British literary agent (1838–1914)

Alexander Pollock Watt is generally regarded as the first true literary agent.

Watt was born in Glasgow in 1837. While employed by an Edinburgh bookseller, he married publisher Alexander Strahan's sister Roberta in 1866. In 1871 he moved to London to begin working as a reader for Strahan's publishing business. By 1876 he was a partner in the firm, and by 1878 he was an advertising agent selling space in Strahan's various periodicals. Around 1878 he started working with author George MacDonald, a professional relationship that eventually led to Watt advertising himself as both a literary and advertising agent and creating the firm A. P. Watt & Co in 1881.

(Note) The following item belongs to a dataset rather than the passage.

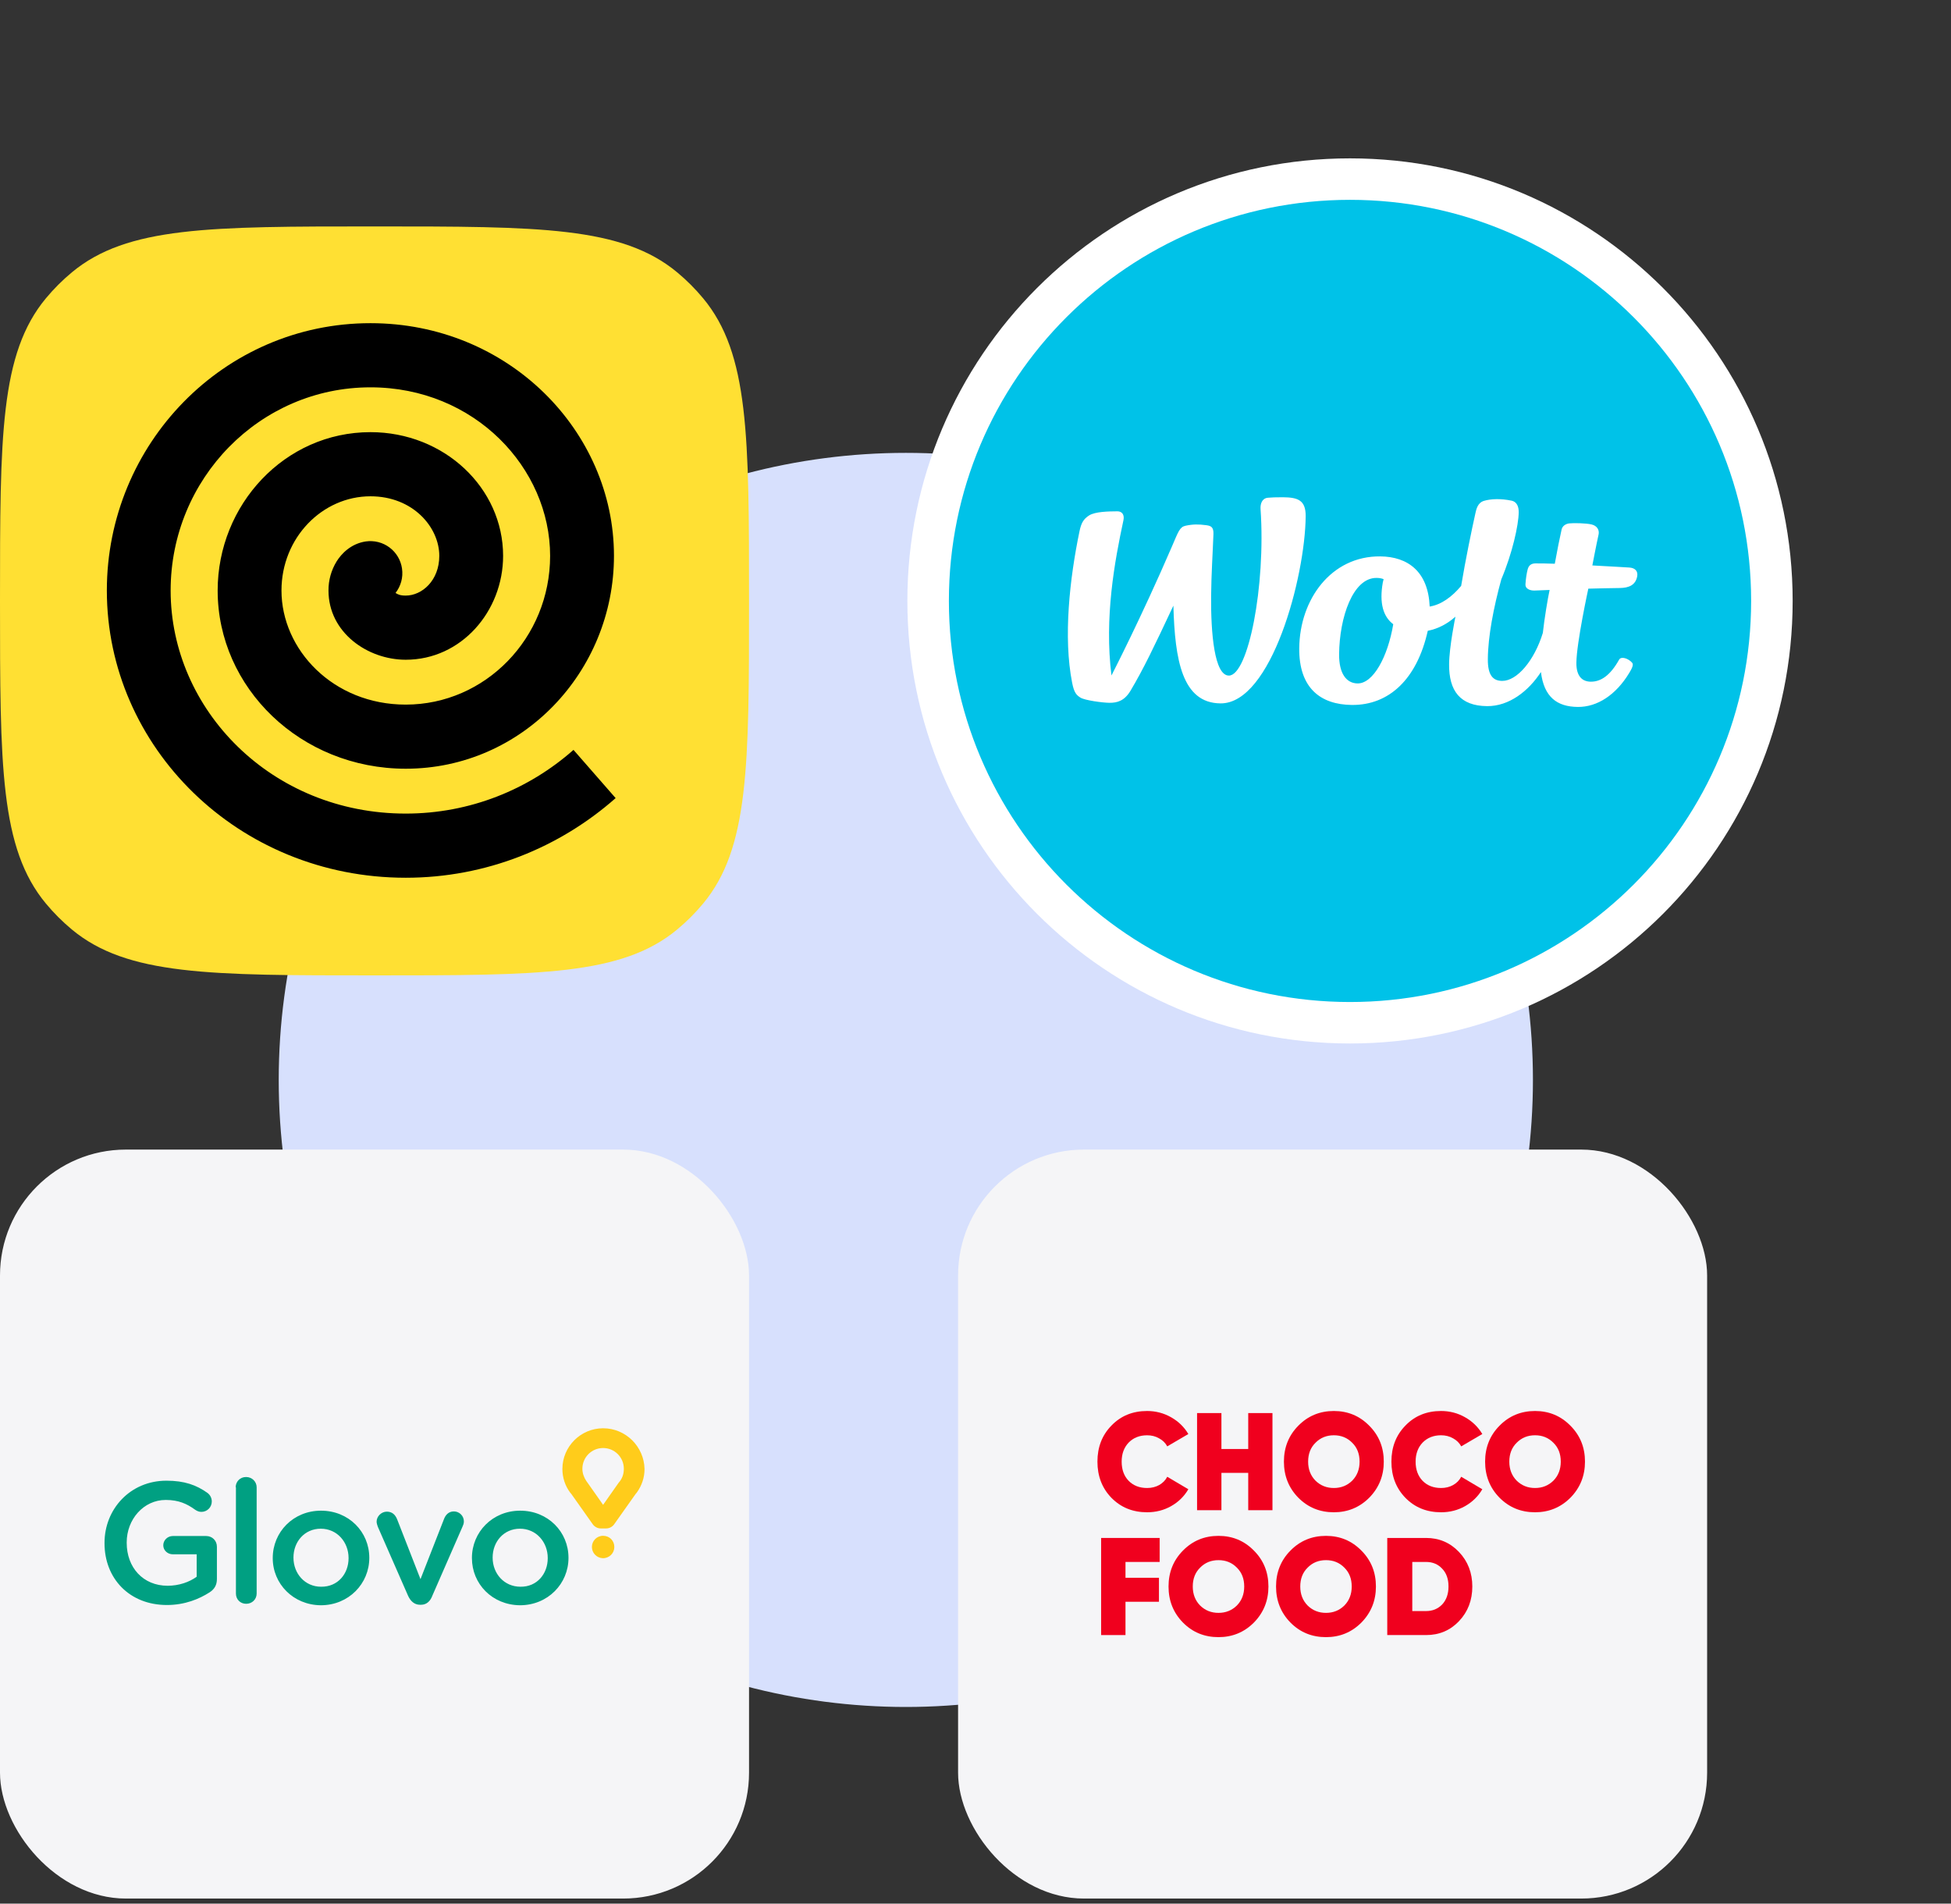 <?xml version="1.0" encoding="UTF-8"?> <svg xmlns="http://www.w3.org/2000/svg" width="124" height="121" viewBox="0 0 124 121" fill="none"><rect x="0" y="0" width="124" height="121" fill="#333333" stroke="none"/><circle cx="57.572" cy="68.643" r="39.857" fill="#D7E0FD"></circle><g clip-path="url(#clip0_202_31)"><path d="M0 38.196C0 27.717 0 22.476 2.915 18.964C3.415 18.362 3.969 17.808 4.571 17.308C8.083 14.393 13.324 14.393 23.804 14.393C34.283 14.393 39.524 14.393 43.036 17.308C43.638 17.808 44.193 18.362 44.692 18.964C47.607 22.476 47.607 27.717 47.607 38.196C47.607 48.676 47.607 53.917 44.692 57.429C44.193 58.031 43.638 58.585 43.036 59.085C39.524 62 34.283 62 23.804 62C13.324 62 8.083 62 4.571 59.085C3.969 58.585 3.415 58.031 2.915 57.429C0 53.917 0 48.676 0 38.196Z" fill="#FFE033"></path><path d="M36.45 47.665C33.59 50.19 29.859 51.714 25.786 51.714C17.245 51.714 10.845 45.098 10.845 37.536C10.845 30.425 16.514 24.62 23.544 24.62C30.177 24.62 34.964 29.764 34.964 35.332C34.964 40.553 30.846 44.787 25.786 44.787C21.158 44.787 17.89 41.28 17.89 37.536C17.89 34.176 20.489 31.546 23.546 31.546C26.252 31.546 27.92 33.519 27.92 35.332C27.92 36.907 26.813 37.857 25.787 37.857C25.423 37.857 25.285 37.781 25.139 37.69C25.47 37.264 25.635 36.711 25.55 36.134C25.512 35.87 25.422 35.616 25.286 35.387C25.149 35.157 24.969 34.957 24.755 34.798C24.541 34.638 24.298 34.522 24.039 34.457C23.78 34.392 23.511 34.378 23.247 34.416C22.297 34.558 21.694 35.204 21.396 35.683C21.053 36.24 20.873 36.882 20.878 37.536C20.878 40.209 23.367 41.935 25.787 41.935C29.319 41.938 31.976 38.853 31.976 35.332C31.976 31.023 28.242 27.469 23.546 27.469C18.091 27.469 13.834 32.087 13.834 37.535C13.834 43.712 19.1 48.862 25.788 48.862C33.183 48.862 39.022 42.705 39.022 35.33C39.022 27.401 32.31 20.542 23.546 20.542C14.223 20.542 6.791 28.228 6.791 37.536C6.791 47.474 15.134 55.792 25.788 55.792C30.885 55.792 35.561 53.878 39.128 50.73L36.45 47.665Z" fill="black"></path></g><mask id="mask0_202_31" style="mask-type:luminance" maskUnits="userSpaceOnUse" x="47" y="0" width="78" height="77"><path d="M47.607 -4.57764e-05H124V76.393H47.607V-4.57764e-05Z" fill="white"></path></mask><g mask="url(#mask0_202_31)"><path d="M85.803 66.327C101.341 66.327 113.936 53.732 113.936 38.197C113.936 22.66 101.341 10.066 85.803 10.066C70.265 10.066 57.67 22.66 57.67 38.197C57.67 53.732 70.265 66.327 85.803 66.327Z" fill="white"></path><path d="M85.803 63.691C99.883 63.691 111.297 52.277 111.297 38.196C111.297 24.116 99.883 12.702 85.803 12.702C71.723 12.702 60.309 24.116 60.309 38.196C60.309 52.277 71.723 63.691 85.803 63.691Z" fill="#00C2E8"></path><path d="M81.544 31.607C81.131 31.603 80.764 31.62 80.582 31.638C80.219 31.672 80.094 32.015 80.117 32.353C80.456 37.258 79.328 42.952 78.1 42.942C77.186 42.933 76.954 40.266 76.975 37.894C76.987 36.493 77.079 35.143 77.123 33.951C77.138 33.508 76.978 33.423 76.659 33.382C76.175 33.319 75.829 33.316 75.347 33.418C74.978 33.497 74.889 33.798 74.495 34.713C72.53 39.274 70.641 42.935 70.641 42.935C70.182 39.245 70.843 35.675 71.402 33.071C71.479 32.712 71.31 32.498 71.015 32.501C70.459 32.505 69.606 32.516 69.218 32.764C68.855 32.998 68.719 33.249 68.61 33.77C67.989 36.754 67.569 40.498 68.143 43.402C68.267 44.03 68.411 44.179 68.674 44.345C68.937 44.512 70.071 44.669 70.512 44.672C71.012 44.677 71.471 44.547 71.857 43.897C72.675 42.521 73.334 41.147 74.577 38.497C74.672 41.963 75.138 44.688 77.572 44.709C80.799 44.738 82.952 36.693 82.985 32.814C82.995 31.788 82.487 31.616 81.544 31.607Z" fill="white"></path><path d="M103.549 36.074C103.549 36.074 102.46 36.007 101.205 35.941C101.205 35.941 101.471 34.55 101.6 33.982C101.664 33.705 101.519 33.427 101.168 33.339C100.82 33.251 100.018 33.238 99.749 33.267C99.524 33.29 99.304 33.422 99.252 33.655C99.12 34.236 98.983 34.936 98.818 35.833C98.352 35.817 97.899 35.809 97.585 35.812C97.292 35.815 97.152 35.963 97.091 36.204C97.028 36.445 96.976 36.788 96.953 37.145C96.936 37.414 97.229 37.546 97.533 37.537C97.533 37.537 97.905 37.523 98.489 37.5C98.376 38.01 98.149 39.377 98.059 40.228C97.518 41.993 96.413 43.289 95.472 43.28C94.895 43.276 94.554 42.93 94.563 41.892C94.575 40.455 94.921 38.64 95.419 36.823C96.112 35.194 96.518 33.38 96.525 32.557C96.528 32.247 96.436 31.9 96.066 31.823C95.397 31.684 94.76 31.703 94.313 31.837C93.913 31.958 93.829 32.377 93.778 32.6C93.538 33.672 93.145 35.574 92.867 37.241C92.275 37.946 91.597 38.438 90.867 38.554C90.773 36.343 89.495 35.382 87.722 35.366C84.611 35.338 82.603 38.094 82.576 41.206C82.554 43.727 83.921 44.79 85.923 44.809C88.287 44.829 90.061 43.166 90.745 40.095C91.415 39.965 91.999 39.645 92.503 39.198C92.503 39.198 92.11 41.101 92.101 42.22C92.085 43.917 92.806 44.869 94.516 44.884C95.923 44.896 97.159 43.915 97.937 42.716C98.13 44.293 98.947 44.924 100.283 44.935C101.511 44.946 102.701 44.178 103.548 42.776C103.718 42.497 103.841 42.252 103.737 42.129C103.497 41.848 103.035 41.699 102.906 41.929C102.345 42.934 101.749 43.336 101.104 43.33C100.593 43.326 100.182 43.019 100.19 42.133C100.201 40.858 100.949 37.417 100.949 37.417C101.58 37.4 102.281 37.384 102.948 37.376C103.533 37.367 103.948 37.192 104.055 36.638C104.117 36.307 103.925 36.094 103.549 36.074ZM86.288 43.441C85.572 43.435 85.099 42.813 85.11 41.589C85.13 39.24 85.988 36.72 87.489 36.734C87.658 36.735 87.807 36.759 87.939 36.813C87.915 36.903 87.896 36.978 87.888 37.02C87.652 38.351 87.919 39.202 88.551 39.677C88.208 41.736 87.281 43.45 86.288 43.441Z" fill="white"></path></g><rect x="60.893" y="73.071" width="47.607" height="47.607" rx="8" fill="#F5F5F7"></rect><g clip-path="url(#clip1_202_31)"><path d="M72.907 96.125C71.996 96.125 71.241 95.819 70.641 95.208C70.047 94.597 69.75 93.829 69.75 92.906C69.75 91.983 70.047 91.219 70.641 90.613C71.235 89.996 71.99 89.687 72.907 89.687C73.455 89.687 73.962 89.82 74.429 90.084C74.897 90.349 75.263 90.704 75.528 91.151L74.187 91.936C74.072 91.719 73.899 91.548 73.668 91.425C73.443 91.295 73.19 91.231 72.907 91.231C72.428 91.231 72.036 91.386 71.731 91.698C71.437 92.01 71.29 92.412 71.29 92.906C71.29 93.412 71.437 93.817 71.731 94.123C72.031 94.429 72.423 94.582 72.907 94.582C73.19 94.582 73.443 94.52 73.668 94.397C73.899 94.267 74.072 94.091 74.187 93.868L75.528 94.661C75.263 95.114 74.897 95.473 74.429 95.737C73.968 95.996 73.461 96.125 72.907 96.125Z" fill="#F0001E"></path><path d="M79.334 92.103V89.819H80.874V95.993H79.334V93.62H77.63V95.993H76.082V89.819H77.63V92.103H79.334Z" fill="#F0001E"></path><path d="M87.025 95.199C86.408 95.816 85.658 96.125 84.776 96.125C83.882 96.125 83.13 95.816 82.518 95.199C81.907 94.576 81.602 93.811 81.602 92.906C81.602 92.001 81.907 91.239 82.518 90.622C83.13 89.999 83.882 89.687 84.776 89.687C85.664 89.687 86.414 89.999 87.025 90.622C87.642 91.239 87.95 92.001 87.95 92.906C87.95 93.806 87.642 94.57 87.025 95.199ZM83.608 94.114C83.925 94.426 84.315 94.582 84.776 94.582C85.237 94.582 85.626 94.426 85.944 94.114C86.255 93.797 86.411 93.394 86.411 92.906C86.411 92.412 86.255 92.012 85.944 91.707C85.632 91.389 85.243 91.23 84.776 91.23C84.309 91.23 83.92 91.389 83.608 91.707C83.297 92.012 83.141 92.412 83.141 92.906C83.141 93.394 83.297 93.797 83.608 94.114Z" fill="#F0001E"></path><path d="M91.591 96.125C90.68 96.125 89.924 95.819 89.325 95.208C88.731 94.596 88.434 93.829 88.434 92.906C88.434 91.983 88.731 91.219 89.325 90.613C89.918 89.996 90.674 89.687 91.591 89.687C92.138 89.687 92.646 89.819 93.113 90.084C93.58 90.348 93.946 90.704 94.212 91.151L92.871 91.936C92.755 91.718 92.582 91.548 92.352 91.424C92.127 91.295 91.873 91.23 91.591 91.23C91.112 91.23 90.72 91.386 90.414 91.698C90.12 92.009 89.973 92.412 89.973 92.906C89.973 93.412 90.12 93.817 90.414 94.123C90.714 94.429 91.106 94.582 91.591 94.582C91.873 94.582 92.127 94.52 92.352 94.396C92.582 94.267 92.755 94.091 92.871 93.867L94.212 94.661C93.946 95.114 93.58 95.472 93.113 95.737C92.652 95.996 92.144 96.125 91.591 96.125Z" fill="#F0001E"></path><path d="M99.812 95.199C99.195 95.816 98.445 96.125 97.563 96.125C96.669 96.125 95.917 95.816 95.305 95.199C94.694 94.576 94.389 93.811 94.389 92.906C94.389 92.001 94.694 91.239 95.305 90.622C95.917 89.999 96.669 89.687 97.563 89.687C98.451 89.687 99.201 89.999 99.812 90.622C100.429 91.239 100.737 92.001 100.737 92.906C100.737 93.806 100.429 94.57 99.812 95.199ZM96.395 94.114C96.713 94.426 97.102 94.582 97.563 94.582C98.024 94.582 98.414 94.426 98.731 94.114C99.042 93.797 99.198 93.394 99.198 92.906C99.198 92.412 99.042 92.012 98.731 91.707C98.419 91.389 98.03 91.23 97.563 91.23C97.096 91.23 96.707 91.389 96.395 91.707C96.084 92.012 95.928 92.412 95.928 92.906C95.928 93.394 96.084 93.797 96.395 94.114Z" fill="#F0001E"></path><path d="M73.704 97.757V99.282H71.533V100.288H73.66V101.813H71.533V103.93H69.984V97.757H73.704Z" fill="#F0001E"></path><path d="M79.693 103.136C79.076 103.754 78.326 104.062 77.444 104.062C76.55 104.062 75.798 103.754 75.186 103.136C74.575 102.513 74.269 101.749 74.269 100.843C74.269 99.938 74.575 99.176 75.186 98.559C75.798 97.936 76.55 97.624 77.444 97.624C78.332 97.624 79.082 97.936 79.693 98.559C80.31 99.176 80.618 99.938 80.618 100.843C80.618 101.743 80.31 102.507 79.693 103.136ZM76.276 102.051C76.593 102.363 76.983 102.519 77.444 102.519C77.905 102.519 78.294 102.363 78.612 102.051C78.923 101.734 79.079 101.331 79.079 100.843C79.079 100.349 78.923 99.95 78.612 99.644C78.3 99.326 77.911 99.168 77.444 99.168C76.977 99.168 76.588 99.326 76.276 99.644C75.965 99.95 75.809 100.349 75.809 100.843C75.809 101.331 75.965 101.734 76.276 102.051Z" fill="#F0001E"></path><path d="M86.525 103.136C85.908 103.754 85.158 104.062 84.276 104.062C83.382 104.062 82.63 103.754 82.018 103.136C81.407 102.513 81.102 101.749 81.102 100.843C81.102 99.938 81.407 99.176 82.018 98.559C82.63 97.936 83.382 97.624 84.276 97.624C85.164 97.624 85.914 97.936 86.525 98.559C87.142 99.176 87.45 99.938 87.45 100.843C87.45 101.743 87.142 102.507 86.525 103.136ZM83.108 102.051C83.425 102.363 83.815 102.519 84.276 102.519C84.737 102.519 85.126 102.363 85.444 102.051C85.755 101.734 85.911 101.331 85.911 100.843C85.911 100.349 85.755 99.95 85.444 99.644C85.132 99.326 84.743 99.168 84.276 99.168C83.809 99.168 83.42 99.326 83.108 99.644C82.797 99.95 82.641 100.349 82.641 100.843C82.641 101.331 82.797 101.734 83.108 102.051Z" fill="#F0001E"></path><path d="M88.17 97.757H90.635C91.465 97.757 92.163 98.053 92.728 98.647C93.293 99.241 93.576 99.973 93.576 100.843C93.576 101.719 93.293 102.454 92.728 103.048C92.169 103.636 91.471 103.93 90.635 103.93H88.17V97.757ZM89.761 102.404H90.635C91.05 102.404 91.393 102.263 91.664 101.981C91.93 101.693 92.062 101.314 92.062 100.843C92.062 100.367 91.93 99.991 91.664 99.714C91.399 99.426 91.056 99.282 90.635 99.282H89.761V102.404Z" fill="#F0001E"></path></g><rect y="73.071" width="47.607" height="47.607" rx="8" fill="#F5F5F7"></rect><path d="M6.643 98.099V98.068C6.643 95.93 8.27 94.117 10.579 94.117C11.725 94.117 12.485 94.395 13.182 94.891C13.352 95.015 13.461 95.217 13.461 95.434C13.461 95.806 13.166 96.1 12.795 96.1C12.624 96.1 12.485 96.022 12.376 95.945C11.88 95.588 11.354 95.341 10.532 95.341C9.122 95.341 8.053 96.58 8.053 98.037V98.068C8.053 99.633 9.091 100.795 10.656 100.795C11.369 100.795 12.035 100.563 12.5 100.222V98.796H10.982C10.656 98.796 10.377 98.549 10.377 98.223C10.377 97.897 10.656 97.634 10.982 97.634H13.104C13.492 97.634 13.786 97.929 13.786 98.316V100.361C13.786 100.749 13.631 101.012 13.321 101.214C12.67 101.632 11.756 102.019 10.61 102.019C8.208 102.019 6.643 100.315 6.643 98.099M14.979 94.535C14.979 94.179 15.258 93.884 15.63 93.884H15.646C16.018 93.884 16.312 94.179 16.312 94.535V101.291C16.312 101.663 16.017 101.942 15.646 101.942C15.274 101.942 14.995 101.663 14.995 101.291V94.535H14.979ZM17.335 99.044V99.029C17.335 97.386 18.636 96.023 20.403 96.023C22.169 96.023 23.471 97.371 23.471 99.013V99.029C23.471 100.656 22.169 102.035 20.388 102.035C18.637 102.019 17.335 100.671 17.335 99.044M22.154 99.044V99.029C22.154 98.022 21.425 97.169 20.387 97.169C19.349 97.169 18.652 98.006 18.652 98.998V99.013C18.652 100.02 19.38 100.857 20.403 100.857C21.472 100.873 22.154 100.036 22.154 99.044M26.756 102.004H26.694C26.337 102.004 26.09 101.771 25.935 101.43L24.013 97.045C23.982 96.952 23.936 96.828 23.936 96.72C23.936 96.395 24.23 96.085 24.587 96.085C24.943 96.085 25.129 96.302 25.238 96.565L26.725 100.377L28.228 96.534C28.321 96.302 28.507 96.07 28.848 96.07C29.189 96.07 29.483 96.348 29.483 96.705C29.483 96.829 29.437 96.953 29.406 97.015L27.484 101.415C27.36 101.756 27.128 102.004 26.756 102.004M29.994 99.044V99.029C29.994 97.386 31.296 96.023 33.063 96.023C34.829 96.023 36.131 97.371 36.131 99.013V99.029C36.131 100.656 34.829 102.035 33.047 102.035C31.281 102.019 29.995 100.671 29.995 99.044M34.813 99.044V99.029C34.813 98.022 34.085 97.169 33.047 97.169C32.009 97.169 31.311 98.006 31.311 98.998V99.013C31.311 100.02 32.04 100.857 33.078 100.857C34.132 100.873 34.813 100.036 34.813 99.044Z" fill="#00A082"></path><path d="M38.332 90.785C36.907 90.785 35.744 91.948 35.744 93.373C35.744 93.916 35.915 94.443 36.24 94.876L36.318 94.969L37.666 96.875C37.666 96.875 37.836 97.154 38.192 97.154H38.517C38.874 97.154 39.044 96.875 39.044 96.875L40.392 94.969L40.47 94.876C40.795 94.427 40.965 93.916 40.965 93.373C40.934 91.948 39.772 90.785 38.331 90.785M39.401 94.148L39.324 94.241L38.332 95.651L37.34 94.241L37.263 94.133C37.108 93.9 37.015 93.637 37.015 93.358C37.015 92.63 37.603 92.041 38.332 92.041C39.06 92.041 39.649 92.629 39.649 93.358C39.649 93.652 39.572 93.916 39.401 94.148M37.619 98.332C37.619 97.945 37.929 97.619 38.332 97.619C38.735 97.619 39.045 97.929 39.045 98.332C39.045 98.719 38.735 99.045 38.317 99.045C37.914 99.029 37.62 98.704 37.62 98.332" fill="#FFCC1B"></path><defs><clipPath id="clip0_202_31"><rect width="47.607" height="47.607" fill="white" transform="translate(0 14.393)"></rect></clipPath><clipPath id="clip1_202_31"><rect width="31" height="14.393" fill="white" transform="translate(69.75 89.678)"></rect></clipPath></defs></svg>

Over the following decade, Watt had become the leading literary agent in the UK, in the process creating business practices that became the standard for the commercial literary industry.

==Early years==
Alexander Pollock Watt was born on 28 October 1837 to James and Elizabeth (Pollock) Watt, in the Bridgeton district of Glasgow, Scotland. He was the oldest of five children.By the 1851 census, his family lived in Edinburgh, where his father was a bookbinder and bookseller.Alexander was self-educated through “incessant” reading. He remained in Edinburgh when the rest of the family moved to Carlisle, in Cumbria, England in 1853. In the 1861 Scotland census, he listed employment as a woolen drapers assistant in a fabric shop, and a lodger with another family.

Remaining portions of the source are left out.